About this exercise:
Among the entries below, find the line with "Q: Width (condensed, normal, or wide)? A: Condensed.", then quote it and each following line up to and including the line with "The image shows 48", and nothing else.

Data for processing below:

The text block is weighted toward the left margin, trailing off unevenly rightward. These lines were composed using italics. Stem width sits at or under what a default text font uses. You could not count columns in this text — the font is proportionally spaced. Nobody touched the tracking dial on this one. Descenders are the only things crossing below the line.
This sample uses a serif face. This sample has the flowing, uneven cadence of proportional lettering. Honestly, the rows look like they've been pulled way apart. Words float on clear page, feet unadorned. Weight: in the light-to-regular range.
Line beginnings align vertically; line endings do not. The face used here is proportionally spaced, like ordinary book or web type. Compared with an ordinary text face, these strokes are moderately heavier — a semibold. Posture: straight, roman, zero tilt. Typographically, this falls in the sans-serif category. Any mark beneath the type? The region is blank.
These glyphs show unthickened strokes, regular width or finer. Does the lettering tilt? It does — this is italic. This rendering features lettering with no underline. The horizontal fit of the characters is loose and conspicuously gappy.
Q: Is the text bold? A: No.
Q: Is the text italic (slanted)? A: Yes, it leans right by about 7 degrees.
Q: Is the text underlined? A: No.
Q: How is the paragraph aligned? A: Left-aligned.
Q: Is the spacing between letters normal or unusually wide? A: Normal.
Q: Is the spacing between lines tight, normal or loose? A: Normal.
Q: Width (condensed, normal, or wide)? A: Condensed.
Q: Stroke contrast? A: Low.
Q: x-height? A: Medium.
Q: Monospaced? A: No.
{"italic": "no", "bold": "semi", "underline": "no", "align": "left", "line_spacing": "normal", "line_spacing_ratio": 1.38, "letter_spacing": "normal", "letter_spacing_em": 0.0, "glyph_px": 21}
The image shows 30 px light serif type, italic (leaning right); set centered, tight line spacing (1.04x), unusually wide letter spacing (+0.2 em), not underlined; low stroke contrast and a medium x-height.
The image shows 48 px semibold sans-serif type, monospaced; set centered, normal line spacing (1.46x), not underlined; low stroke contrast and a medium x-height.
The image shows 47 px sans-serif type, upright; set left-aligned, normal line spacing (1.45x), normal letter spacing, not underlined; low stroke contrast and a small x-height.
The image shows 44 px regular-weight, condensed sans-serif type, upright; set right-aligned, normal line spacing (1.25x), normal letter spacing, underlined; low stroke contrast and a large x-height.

End of Data for processing.
Data for processing below:

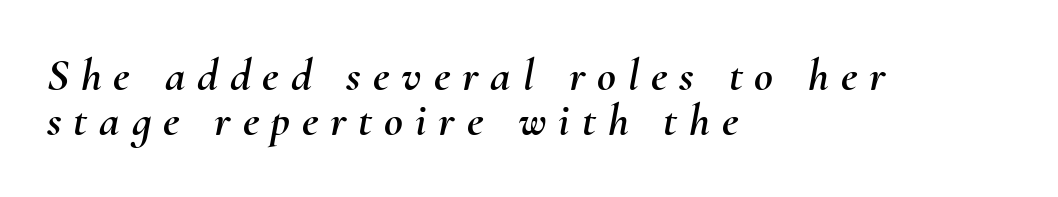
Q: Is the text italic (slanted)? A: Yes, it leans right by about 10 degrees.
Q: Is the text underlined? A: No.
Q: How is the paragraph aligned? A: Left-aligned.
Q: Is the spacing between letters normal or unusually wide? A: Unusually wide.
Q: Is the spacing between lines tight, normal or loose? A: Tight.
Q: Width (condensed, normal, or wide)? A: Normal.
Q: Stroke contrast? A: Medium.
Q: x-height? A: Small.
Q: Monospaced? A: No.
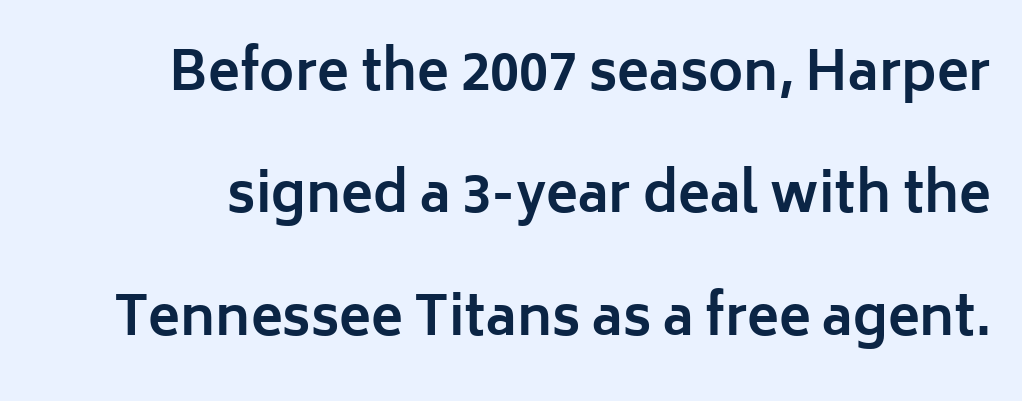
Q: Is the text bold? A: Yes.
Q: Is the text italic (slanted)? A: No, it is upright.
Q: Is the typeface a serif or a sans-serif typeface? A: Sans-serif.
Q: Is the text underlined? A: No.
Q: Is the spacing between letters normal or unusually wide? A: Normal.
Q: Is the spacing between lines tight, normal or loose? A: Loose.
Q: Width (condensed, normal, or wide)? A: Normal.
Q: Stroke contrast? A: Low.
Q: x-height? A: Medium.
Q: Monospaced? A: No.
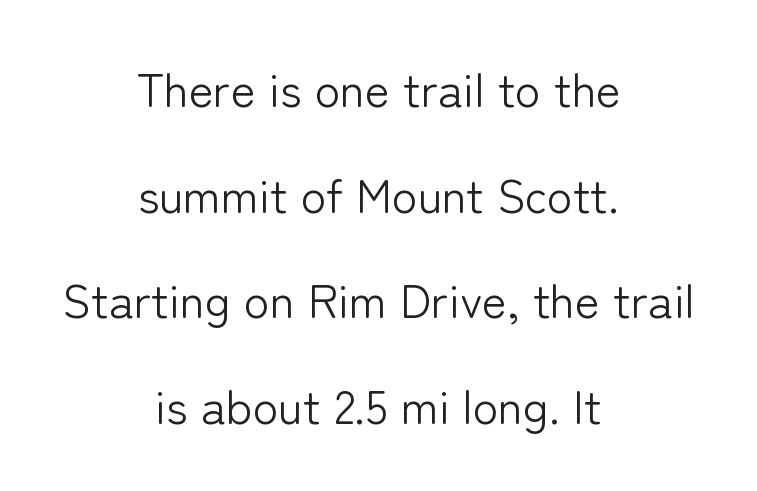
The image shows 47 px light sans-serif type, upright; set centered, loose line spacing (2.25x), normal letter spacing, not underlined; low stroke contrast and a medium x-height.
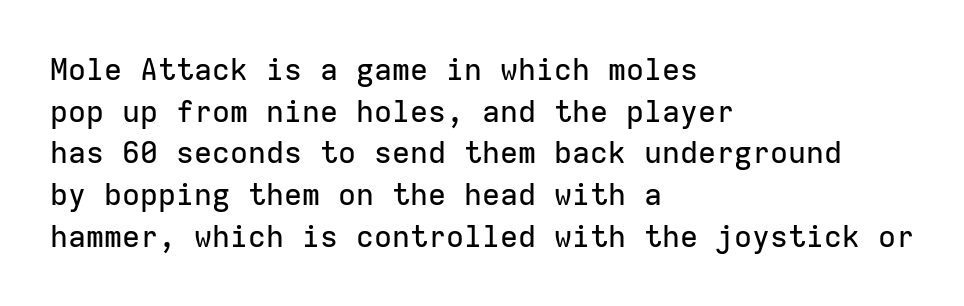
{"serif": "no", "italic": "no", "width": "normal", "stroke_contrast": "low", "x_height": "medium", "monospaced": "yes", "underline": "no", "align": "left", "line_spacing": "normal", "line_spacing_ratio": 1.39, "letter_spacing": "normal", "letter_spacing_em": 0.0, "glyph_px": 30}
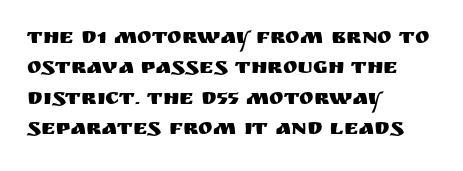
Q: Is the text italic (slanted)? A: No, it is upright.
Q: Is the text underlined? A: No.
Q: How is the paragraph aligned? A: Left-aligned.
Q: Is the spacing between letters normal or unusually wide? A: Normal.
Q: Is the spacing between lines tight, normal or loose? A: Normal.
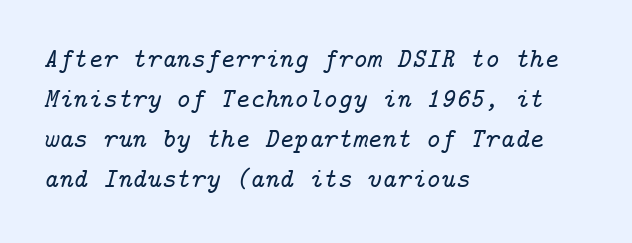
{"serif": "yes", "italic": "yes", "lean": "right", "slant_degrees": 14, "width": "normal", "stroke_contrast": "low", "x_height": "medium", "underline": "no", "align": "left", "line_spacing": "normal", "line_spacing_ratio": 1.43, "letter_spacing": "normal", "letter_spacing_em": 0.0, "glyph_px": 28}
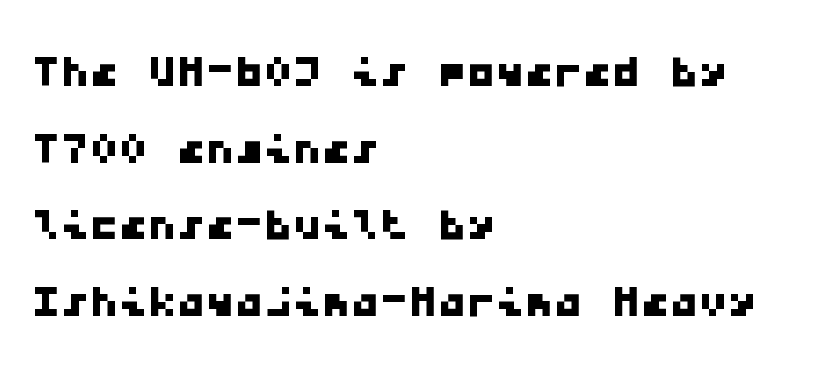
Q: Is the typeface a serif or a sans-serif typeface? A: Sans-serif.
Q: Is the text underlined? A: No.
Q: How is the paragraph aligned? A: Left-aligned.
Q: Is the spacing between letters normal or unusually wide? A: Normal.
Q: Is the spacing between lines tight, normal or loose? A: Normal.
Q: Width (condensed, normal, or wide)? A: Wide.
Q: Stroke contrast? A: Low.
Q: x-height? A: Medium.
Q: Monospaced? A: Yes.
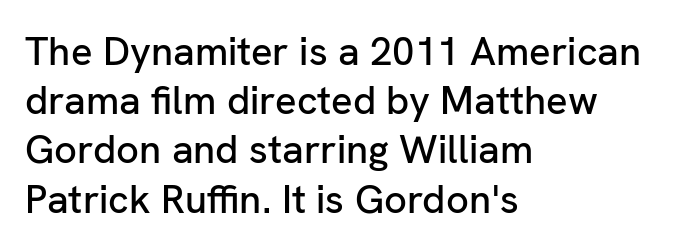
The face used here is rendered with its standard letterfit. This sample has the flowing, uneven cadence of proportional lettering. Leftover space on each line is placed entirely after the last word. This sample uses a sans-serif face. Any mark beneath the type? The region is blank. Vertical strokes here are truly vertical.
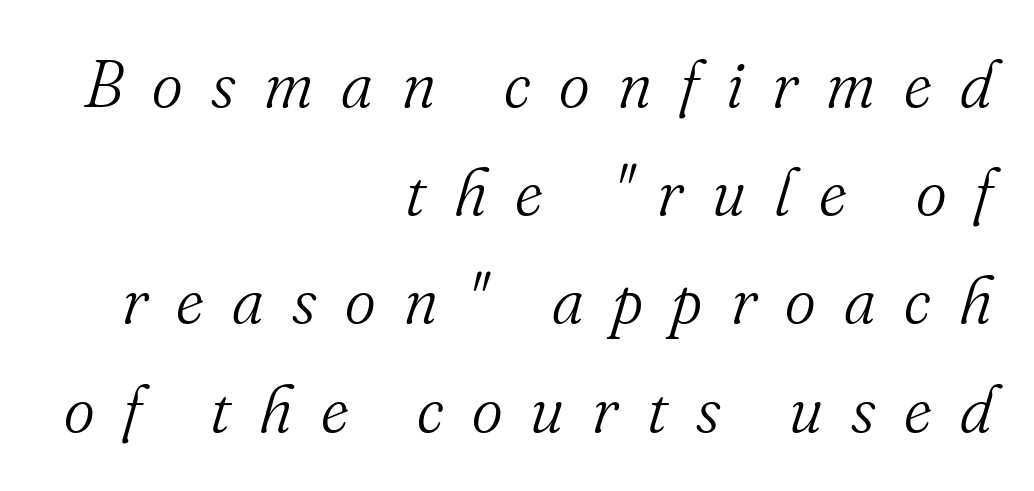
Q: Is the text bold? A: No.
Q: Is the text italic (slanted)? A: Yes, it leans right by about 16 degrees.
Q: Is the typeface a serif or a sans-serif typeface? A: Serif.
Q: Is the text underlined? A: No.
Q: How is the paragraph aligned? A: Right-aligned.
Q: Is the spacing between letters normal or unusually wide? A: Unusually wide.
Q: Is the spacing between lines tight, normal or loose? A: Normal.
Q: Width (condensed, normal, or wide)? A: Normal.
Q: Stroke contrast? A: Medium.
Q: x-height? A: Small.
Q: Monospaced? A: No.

End of Data for processing.

Solution to this problem:
Q: Width (condensed, normal, or wide)? A: Condensed.
Q: Stroke contrast? A: Low.
Q: x-height? A: Medium.
Q: Monospaced? A: No.
{"italic": "no", "bold": "semi", "underline": "no", "align": "left", "line_spacing": "normal", "line_spacing_ratio": 1.38, "letter_spacing": "normal", "letter_spacing_em": 0.0, "glyph_px": 21}
The image shows 30 px light serif type, italic (leaning right); set centered, tight line spacing (1.04x), unusually wide letter spacing (+0.2 em), not underlined; low stroke contrast and a medium x-height.
The image shows 48 px semibold sans-serif type, monospaced; set centered, normal line spacing (1.46x), not underlined; low stroke contrast and a medium x-height.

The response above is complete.